这位巴基斯坦博士,是巴国一所大学的助理教授,2019年秋已经获准进站。但是,他希望带太太和(三个)孩子进入中国,办来办去,疫情起来了,边境严控。两年过去,他居然初心不改,今年秋天终于可以进站了。如果按原来的节奏,已经到了出站时间。天有不测风云。
二,几何动量两个得意的新引用
一个来自大师Jacobson, Theodore,Distinguished Univ Professor,University of Maryland, College Park,五月份的如下文章
Particle on the sphere: group-theoretic quantization in the presence of a magnetic monopole
引用了多篇几何动量的文章。
一个来自教学领域的顶级刊物American Journal of Physics 上四月份的论文
Two-body bound states through Yukawa forces and perspectives on hydrogen and deuterium
引用的是:Q. H. Liu and S. F. Xiao, “A self-adjoint decomposition of the radial momentum operator,” Int. J. Geometric Methods Mod. Phys. 12, 1550028 (2015). 这篇论文给狄拉克关于径向动量可观测性这一极具争议性问题一点意见。不过,我们的小文章应该具有定海神针的意义。真怕明珠暗投!
三,几何动量最新论文的两轮审稿共六份审稿意见
接收函及六份审稿意见。
Date: Jul 18, 2021
To: "Q. H. LIU"
From: "Annals of Physics" aop@elsevier.com
Subject: AOP 76709R1 accepted
Ms.
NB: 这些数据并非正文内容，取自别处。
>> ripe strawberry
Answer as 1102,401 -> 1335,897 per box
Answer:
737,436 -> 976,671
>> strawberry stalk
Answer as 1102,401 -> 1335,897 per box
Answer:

AOP 76709R1
Title: The curvature-induced gauge potential and the geometric momentum for a particle on a hypersphere
Corresponding Author: Professor Q. H. LIU
Annals of Physics
Dear Dr. LIU:
I am pleased to accept your manuscript, referenced above, for publication.
Please note that your paper will now be sent to the production office for further processing. If you have any questions during this next stage, please contact me at (aop@elsevier.com).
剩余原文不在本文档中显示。